ARSHAD NOOR SIDDIQUEE
Articles written in Sadhana
Volume 39 Issue 5 October 2014 pp 1035-1053
This paper investigates the effect of different cutting parameters (cutting speed, feed rate, and depth of cut) on surface integrity defined in terms of surface roughness and microhardness in dry hard turning process. The workpiece material used was hardened alloy steel AISI 52100 and it was machined on a CNC lathe with coated carbide tool under different settings of cutting parameters. Three cutting parameters each at three levels were considered in the study. Central composite design (CCD) of experiment was used to collect experimental data for surface roughness and microhardness. Statistical analysis of variance (ANOVA) was performed to determine significance of the cutting parameters. The results were analysed using an effective procedure of response surface methodology (RSM) to determine optimal values of cutting parameters. Several diagnostic tests were also performed to check the validity of assumptions. The results indicated that feed rate is the dominant factor affecting the surface roughness whereas the cutting speed is found to be the dominant factor affecting the microhardness. Results also revealed that within the range investigated, good surface integrity is achieved when feed rate and depth of cut are near their low levels and cutting speed is at high level. Finally, the optimal cutting parameters and model equations to predict the surface roughness and microhardness are proposed.

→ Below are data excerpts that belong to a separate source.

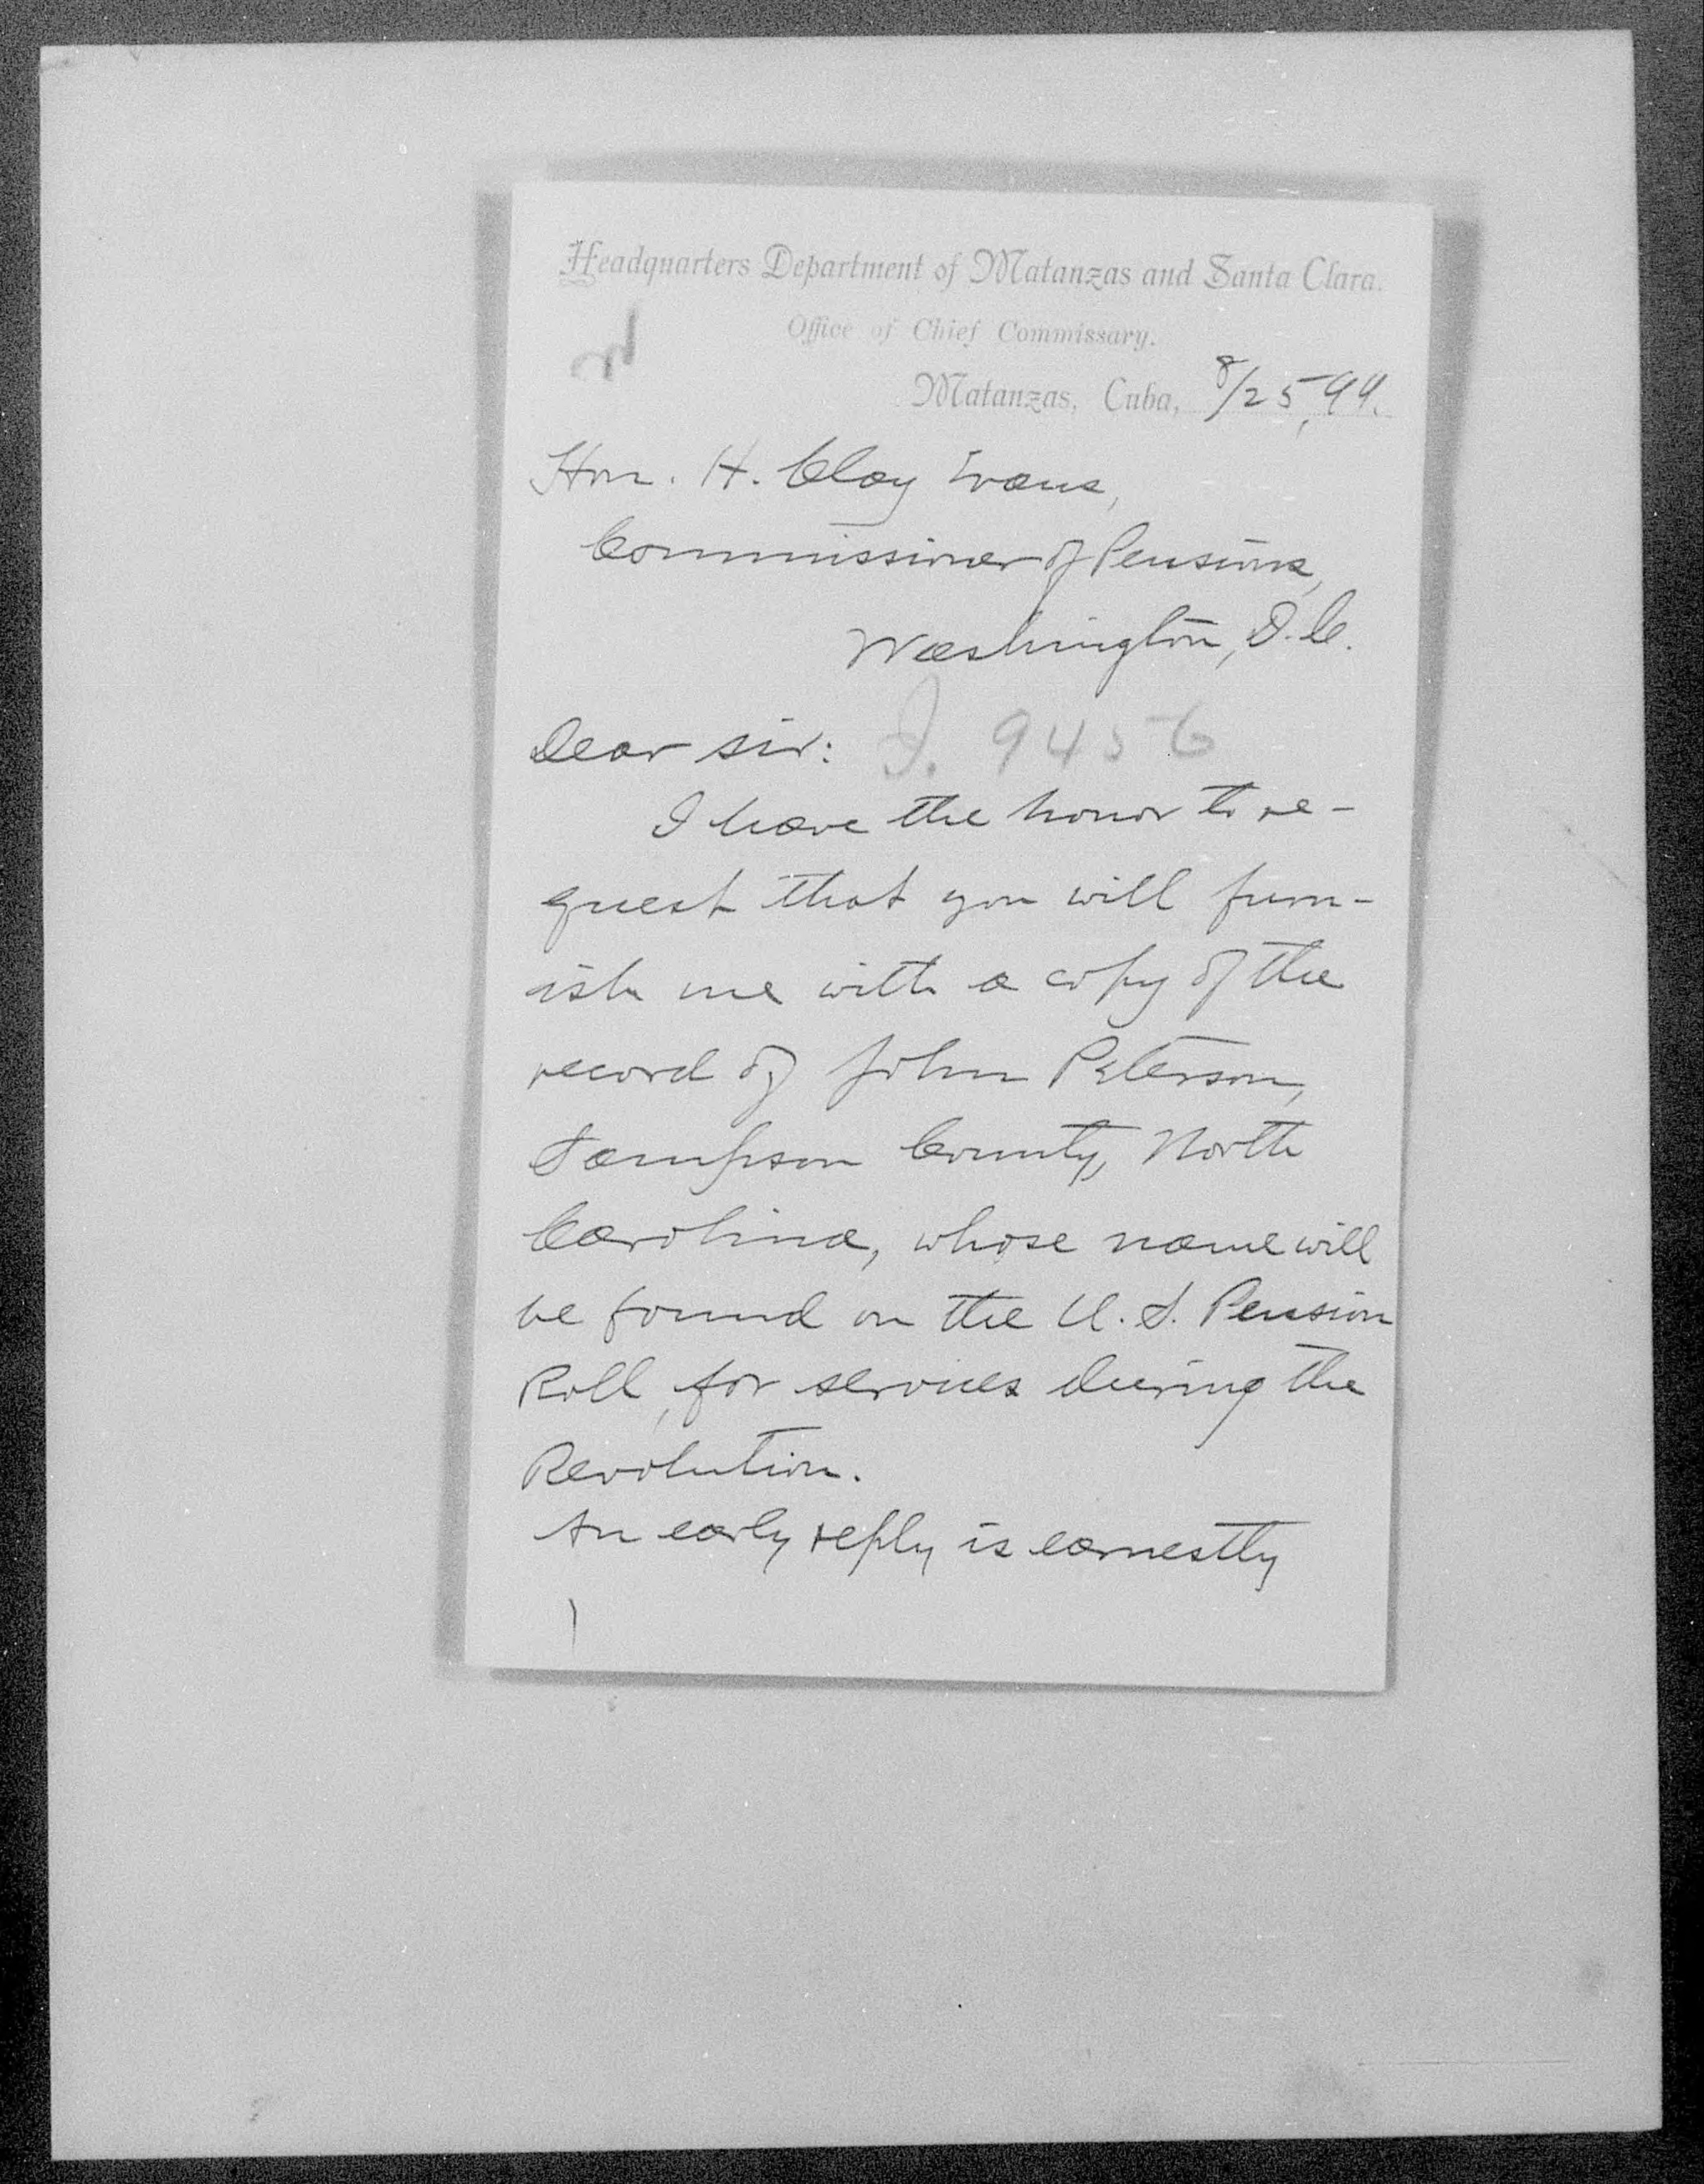Headquarters Department of Matanzas and Santa Clara
Office of Chief Commissary
Matanzas, Cuba 8/2594
Hon H. Gloy Vous
Commissioner of Pensions
Washington, D.C.
Dear sir,
I have to honor to request you will furnish me with a copy of the record of John Peterson Thompson County North Carolina whose name will be found on the U.S. Pension Roll, for service during the Revolution
An early reply is honestly

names: John Peterson; H Clay Evans
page: 11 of 13
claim: survivor's
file: S. 9,456, for John Peterson, North Carolina

Volume 43 Issue 2 February 2018 Article ID 0026
The effects of flux composition on transfer of the elements have been studied through developed agglomerated fluxes on mild steel plates. The elements transferred to the welds have been shown in terms of a delta (Δ) quantity, which may be positive, negative or zero depending upon the composition of flux, wire and base plate. Carbon and manganese contents both show negative Δ quantity for most of the welds, indicating that both have been transferred from the weld metal to the slag. The results of this study show that for most of the welds, desulphurization and removal of phosphorus have been reported. The amount of element transferred is different for different welds depending upon the flux composition, dilution and slag metal reactions. Response surface methodology has been used for developing models for element transfer. The suggested model has been given for sulphur transfer to the weld. In this study the transfers of carbon, manganese, sulphur, phosphorus, silicon and nickel have been studied.